=== Section Start ===

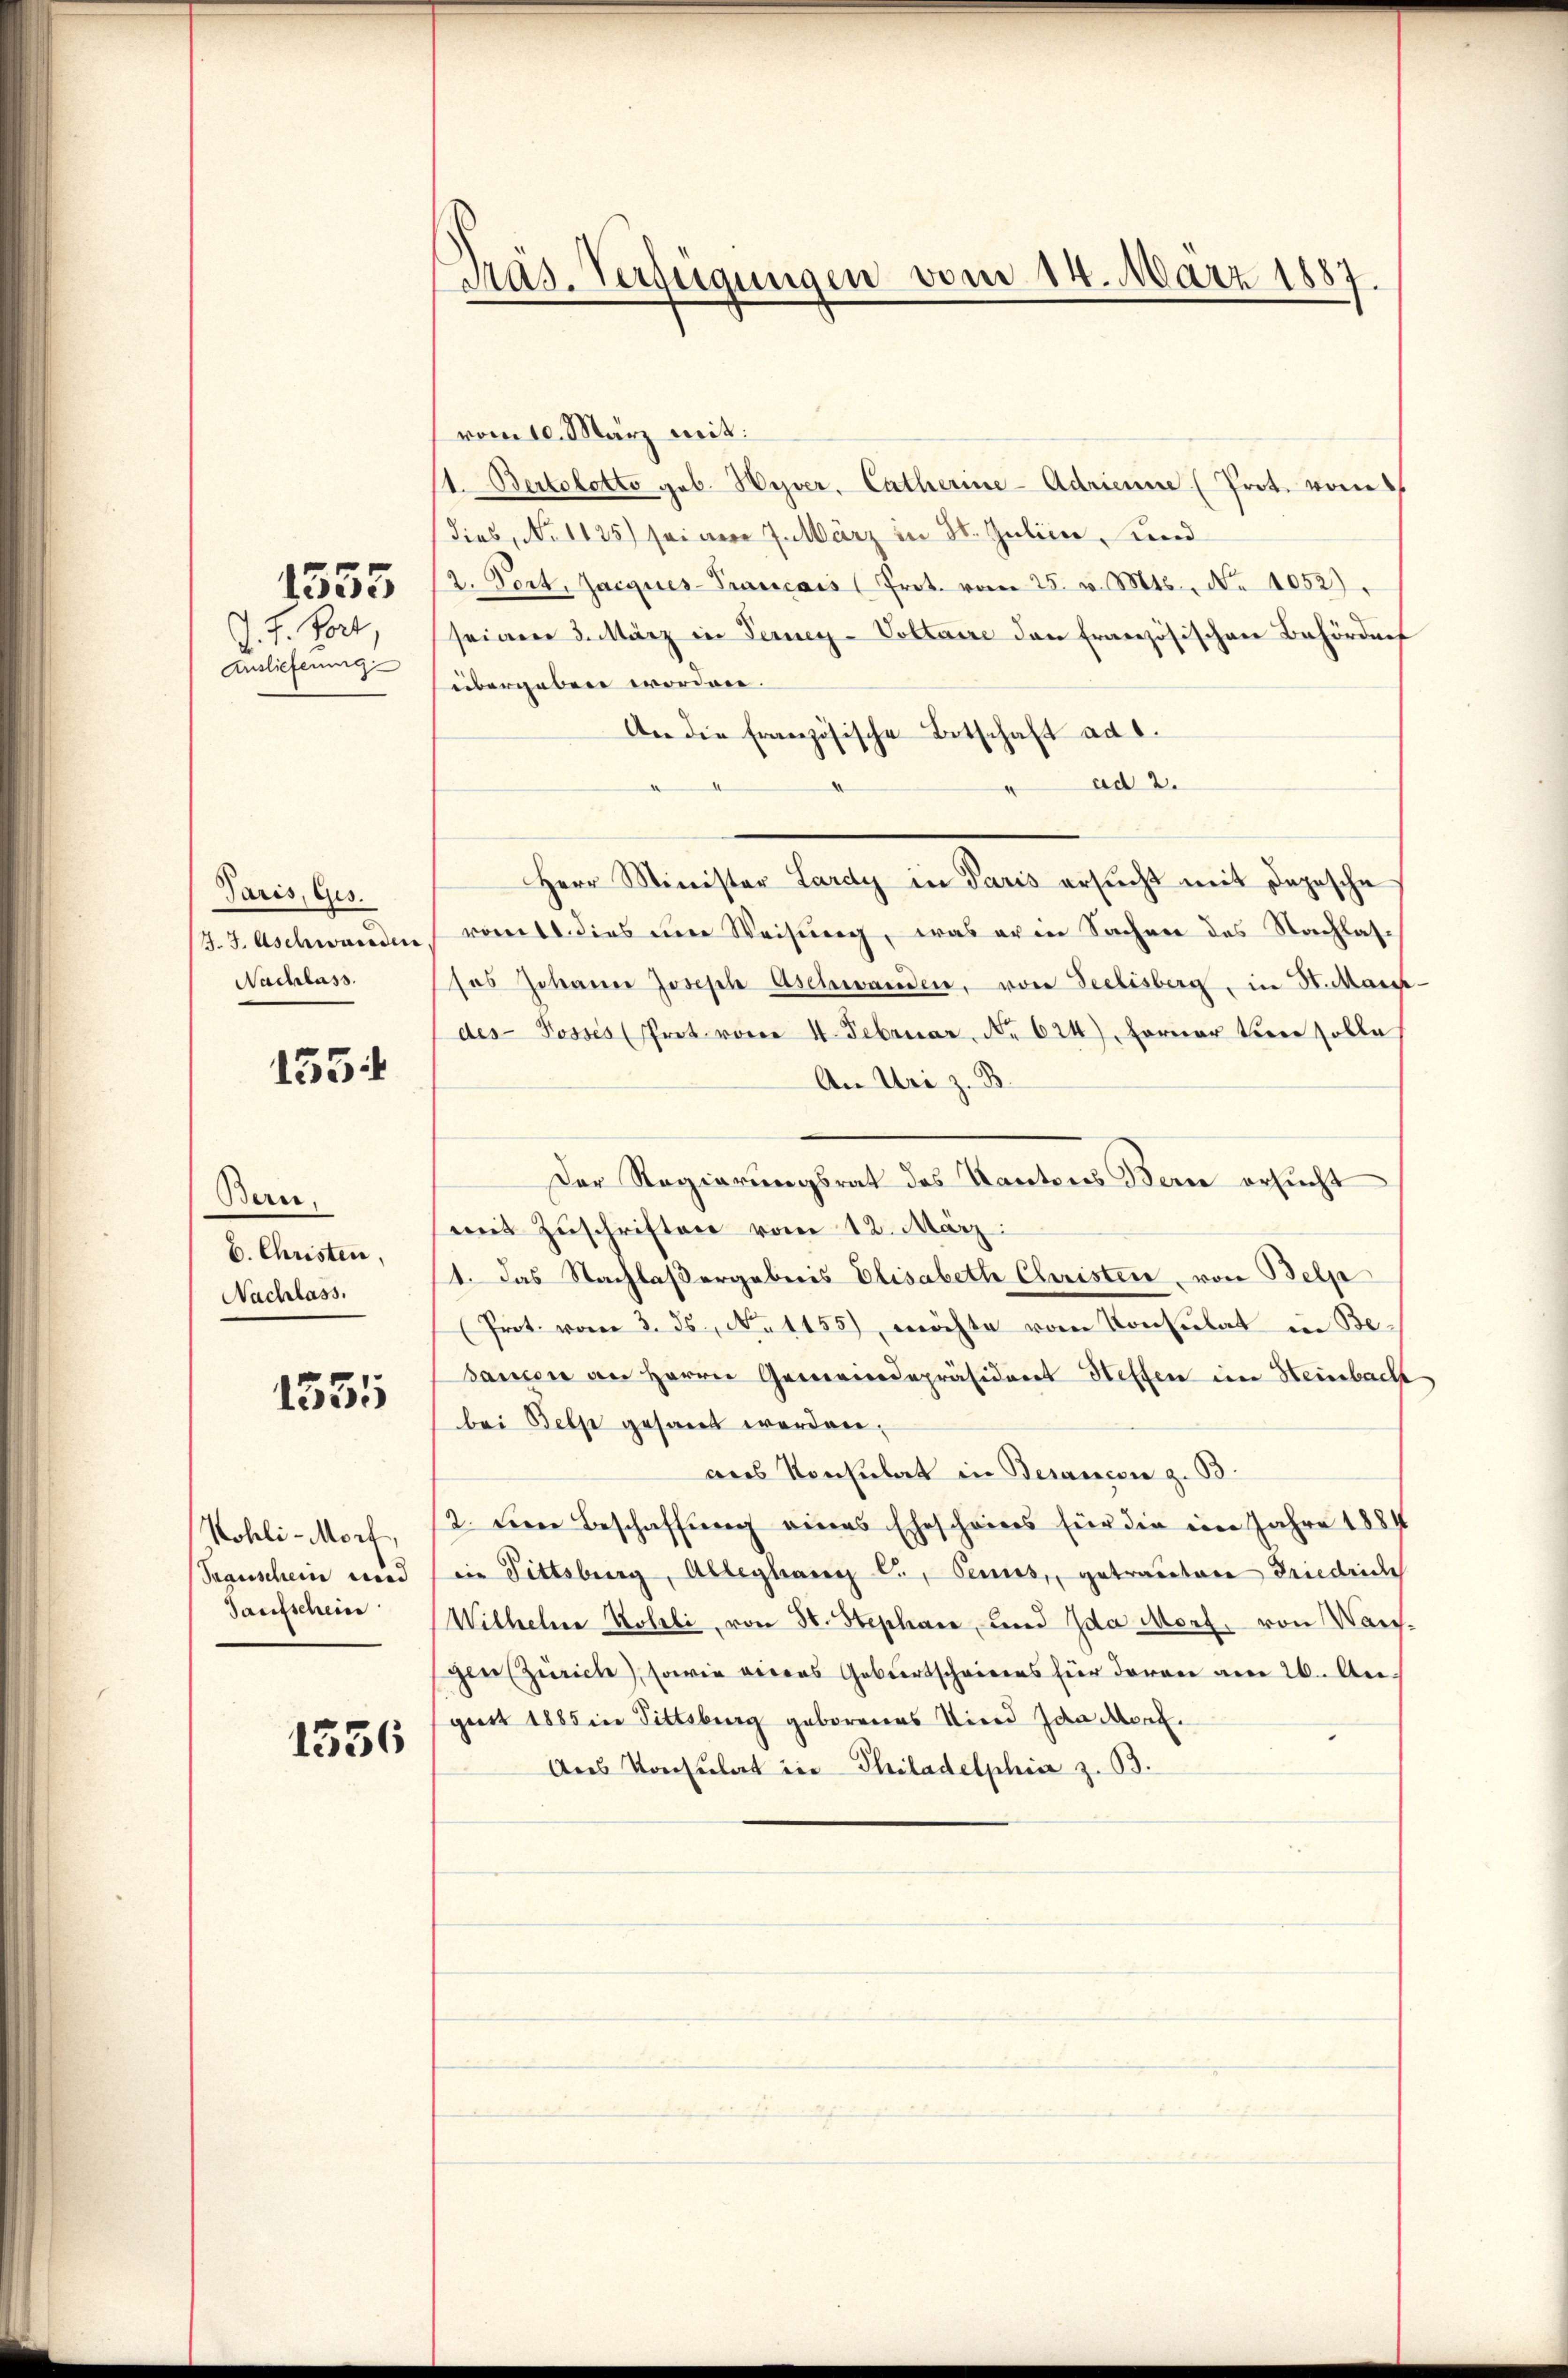
J. J. Port
Auslieferung

1355

Paris, Ges.
J. J. Aschwunden
Nachlass.

155

Bern.
b. Christen,
Nachlass.

1555

Kohli-Morf,
Transchein und
Taufschein

1556

Ras. Verfügungen vom 14. März 1887.

vom 10. März mit:
1. Bertolotto geb. Weber, Catharine-Adrianne (Prot. vom
dies, No 1125) seinem Intärz in St. Julien und
2. Port. Jacques-Francais (Prot. vom 25. v. Mts. No 1052).
seiner 3. März in Ferney-Voltaire den Französischen Behördnet
übergeben worden.
An die Französische Botschaft ad 1.
ad 2.
d
.
Herr Minister Lardy in Paris ersŭcht mit Depesche
ront dies im Weisung, was erin Sachen des Nachlassos Johanner Joseph Aschwanden, von Seelisberg, in St. Mart.
des Posses (Prot. vom 4. Februar, No 624) Ferner tiere solle
An Uri z. B.
Der Regierungsrat des Kantons Bern ersucht
mit Zuschriften vom 12. März:
1. Das Nachlaßergebnis Elisabeth Christen, von Belp
(Prot. vom 3. ds., No 1155) möchte vom Konsulat in Be¬
Sanen an Herrn Gemeindepräsidiret Steffen im Heinbach
bei Belp gesant werden.
ans Konsulat in Besanzen z. B.
2. Den Beschaffung eines Ehescheines für die ein Jahre 1884
die Fittsburg, Ableghang l., Sennes, getrautene Friedriche
Wilhelne Kohli, von 30. Stephan, und Ida Morf. von Wachgen (Zürich, sowie vieres Geburtscheiners für daran am 26. A.
gust 1885 in Tittsburg geborenes Nierd Ida Morf.
Ans Konsulat in Philadelphia z. B.
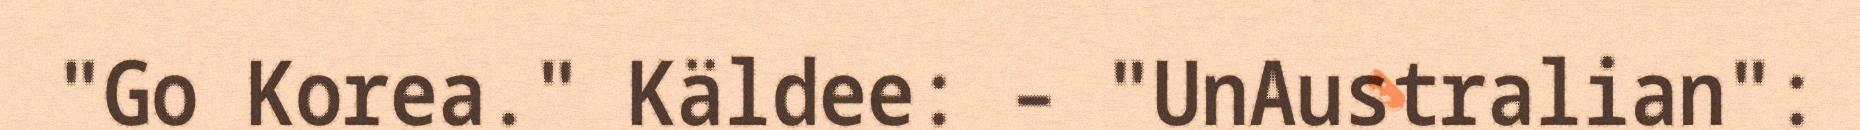
"Go Korea." Käldee: – "UnAustralian":
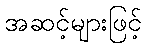
အဆင့်များဖြင့်
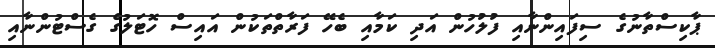
ޕާކިސްތާނުގެ ސިފައިންނާއި ފުލުހުން އަދި ކަމާއި ބެހޭ ފަރާތްތަކުން އައިސް ހޮޓަލުގެ ގެސްޓުންނާއި
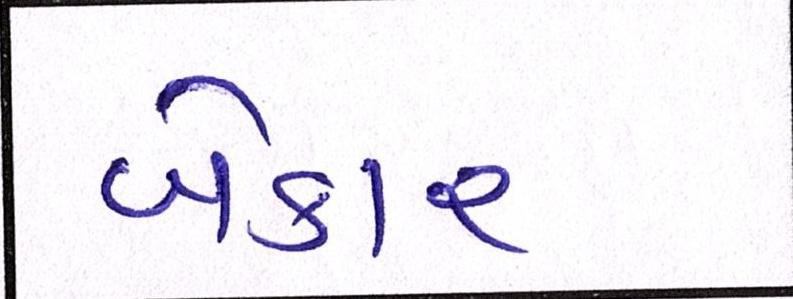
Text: બેકાર
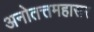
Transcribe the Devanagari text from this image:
अनोतत्तमहासर
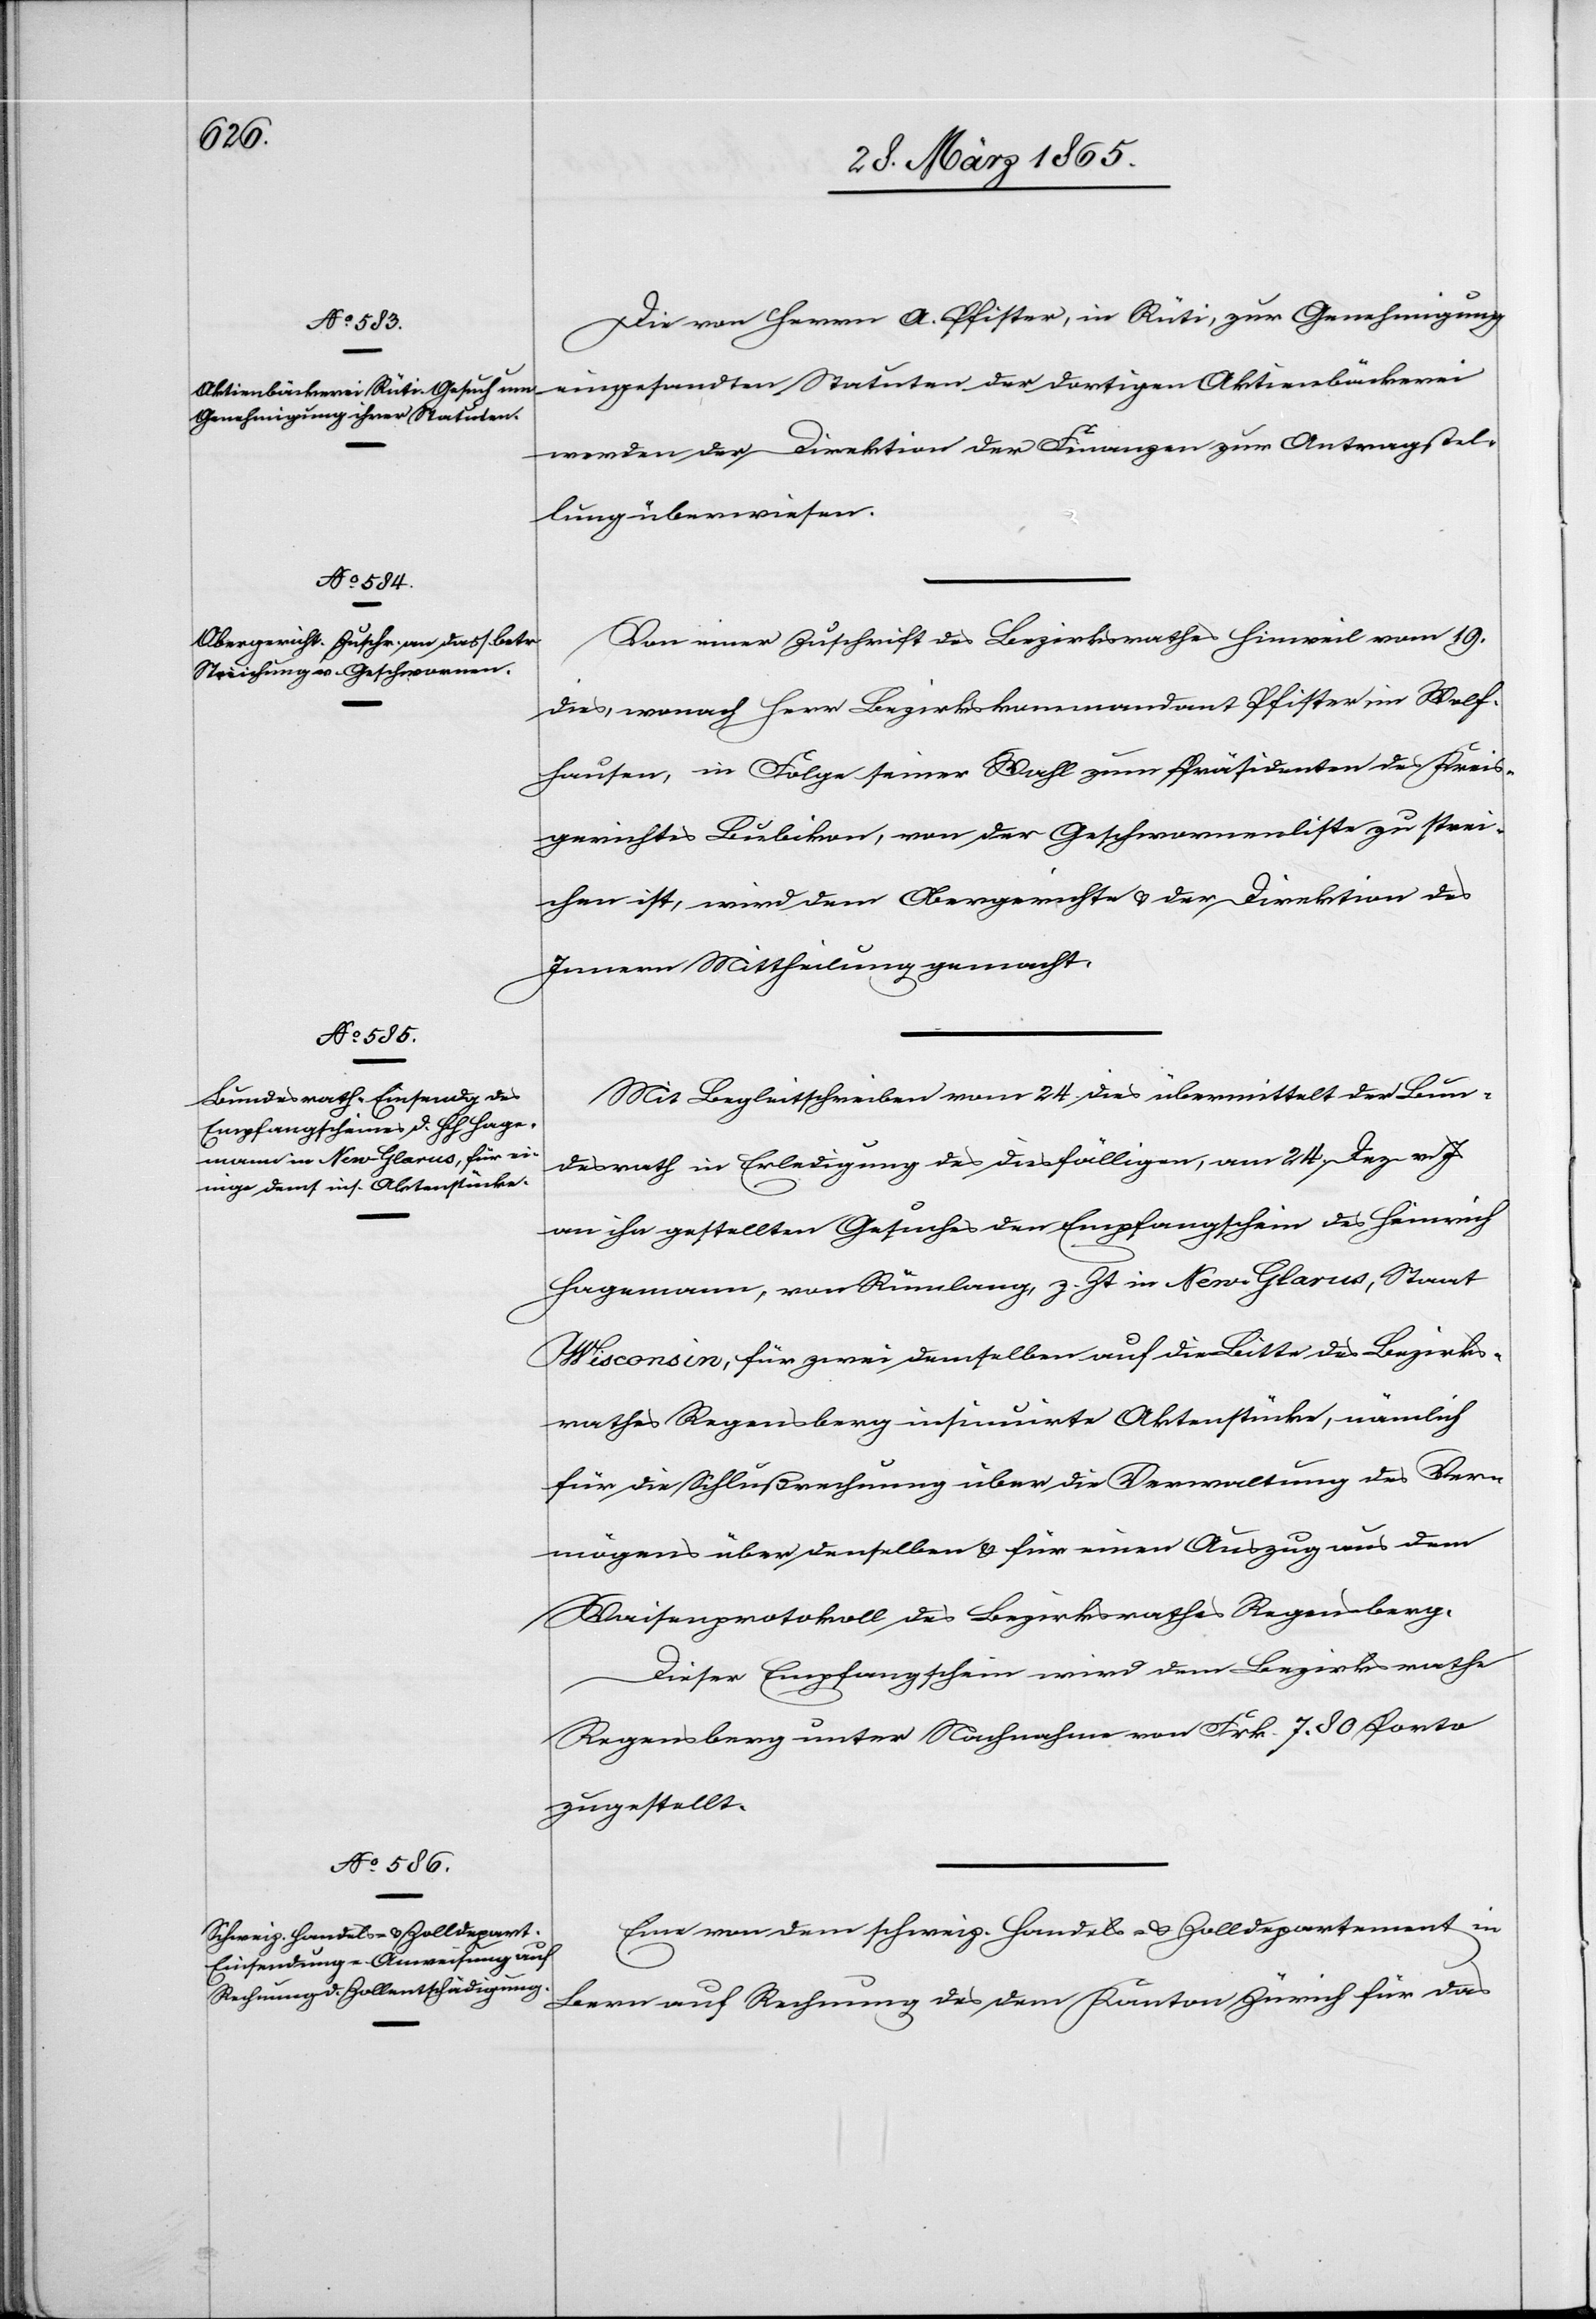
28. März 1865.]
Die von Herrn A. Pfister, in Rüti, zur Genehmigung
eingesandten Statuten der dortigen Aktienbäckerei
werden der Direktion der Finanzen zur Antragstel¬
lung überwiesen.
Von einer Zuschrift des Bezirksrathes Hinweil vom 19.
dies, wonach Herr Bezirkskommandant Pfister im Wolf¬
hausen, in Folge seiner Wahl zum Präsidenten des Kreis¬
gerichtes Bubikon, von der Geschwornenliste zu strei¬
chen ist, wird dem Obergerichte & der Direktion des
Innern Mittheilung gemacht.
Mit Begleitschreiben vom 24. dies übermittelt der Bun¬
desrath in Erledigung des diesfälligen, am 24. Dez. v. Js
an ihn gestellten Gesuches den Empfangschein des Heinrich
Hagemann, von Rümlang, z. Zt in New-Glarus, Staats
Wisconsin, für zwei demselben auf die Bitte des Bezirks¬
rathes Regensberg insinuirte Aktenstücke, nämlich
für die Schlußrechnung über die Verwaltung des Ver¬
mögens über denselben & für einen Auszug aus dem
Waisenprotokoll des Bezirksrathes Regensberg.
Dieser Empfangschein wird dem Bezirksrathe
Regensberg unter Nachnahme von Frk. 7. 80 Porto
zugestellt.
Eine von dem schweiz. Handels- & Zolldepartement in
Bern auf Rechnung des dem Kanton Zürich für das

=== Section End ===

§ **PROBLEM REQUIREMENTS**
With the pictures omitted, the records above are to be repeated exactly.

§ **FINAL ANSWER**
J. J. Port
Auslieferung

1355

Paris, Ges.
J. J. Aschwunden
Nachlass.

155

Bern.
b. Christen,
Nachlass.

1555

Kohli-Morf,
Transchein und
Taufschein

1556

Ras. Verfügungen vom 14. März 1887.

vom 10. März mit:
1. Bertolotto geb. Weber, Catharine-Adrianne (Prot. vom
dies, No 1125) seinem Intärz in St. Julien und
2. Port. Jacques-Francais (Prot. vom 25. v. Mts. No 1052).
seiner 3. März in Ferney-Voltaire den Französischen Behördnet
übergeben worden.
An die Französische Botschaft ad 1.
ad 2.
d
.
Herr Minister Lardy in Paris ersŭcht mit Depesche
ront dies im Weisung, was erin Sachen des Nachlassos Johanner Joseph Aschwanden, von Seelisberg, in St. Mart.
des Posses (Prot. vom 4. Februar, No 624) Ferner tiere solle
An Uri z. B.
Der Regierungsrat des Kantons Bern ersucht
mit Zuschriften vom 12. März:
1. Das Nachlaßergebnis Elisabeth Christen, von Belp
(Prot. vom 3. ds., No 1155) möchte vom Konsulat in Be¬
Sanen an Herrn Gemeindepräsidiret Steffen im Heinbach
bei Belp gesant werden.
ans Konsulat in Besanzen z. B.
2. Den Beschaffung eines Ehescheines für die ein Jahre 1884
die Fittsburg, Ableghang l., Sennes, getrautene Friedriche
Wilhelne Kohli, von 30. Stephan, und Ida Morf. von Wachgen (Zürich, sowie vieres Geburtscheiners für daran am 26. A.
gust 1885 in Tittsburg geborenes Nierd Ida Morf.
Ans Konsulat in Philadelphia z. B.
"Go Korea." Käldee: – "UnAustralian":
အဆင့်များဖြင့်
ޕާކިސްތާނުގެ ސިފައިންނާއި ފުލުހުން އަދި ކަމާއި ބެހޭ ފަރާތްތަކުން އައިސް ހޮޓަލުގެ ގެސްޓުންނާއި
Text: બેકાર
Transcribe the Devanagari text from this image:
अनोतत्तमहासर
28. März 1865.]
Die von Herrn A. Pfister, in Rüti, zur Genehmigung
eingesandten Statuten der dortigen Aktienbäckerei
werden der Direktion der Finanzen zur Antragstel¬
lung überwiesen.
Von einer Zuschrift des Bezirksrathes Hinweil vom 19.
dies, wonach Herr Bezirkskommandant Pfister im Wolf¬
hausen, in Folge seiner Wahl zum Präsidenten des Kreis¬
gerichtes Bubikon, von der Geschwornenliste zu strei¬
chen ist, wird dem Obergerichte & der Direktion des
Innern Mittheilung gemacht.
Mit Begleitschreiben vom 24. dies übermittelt der Bun¬
desrath in Erledigung des diesfälligen, am 24. Dez. v. Js
an ihn gestellten Gesuches den Empfangschein des Heinrich
Hagemann, von Rümlang, z. Zt in New-Glarus, Staats
Wisconsin, für zwei demselben auf die Bitte des Bezirks¬
rathes Regensberg insinuirte Aktenstücke, nämlich
für die Schlußrechnung über die Verwaltung des Ver¬
mögens über denselben & für einen Auszug aus dem
Waisenprotokoll des Bezirksrathes Regensberg.
Dieser Empfangschein wird dem Bezirksrathe
Regensberg unter Nachnahme von Frk. 7. 80 Porto
zugestellt.
Eine von dem schweiz. Handels- & Zolldepartement in
Bern auf Rechnung des dem Kanton Zürich für das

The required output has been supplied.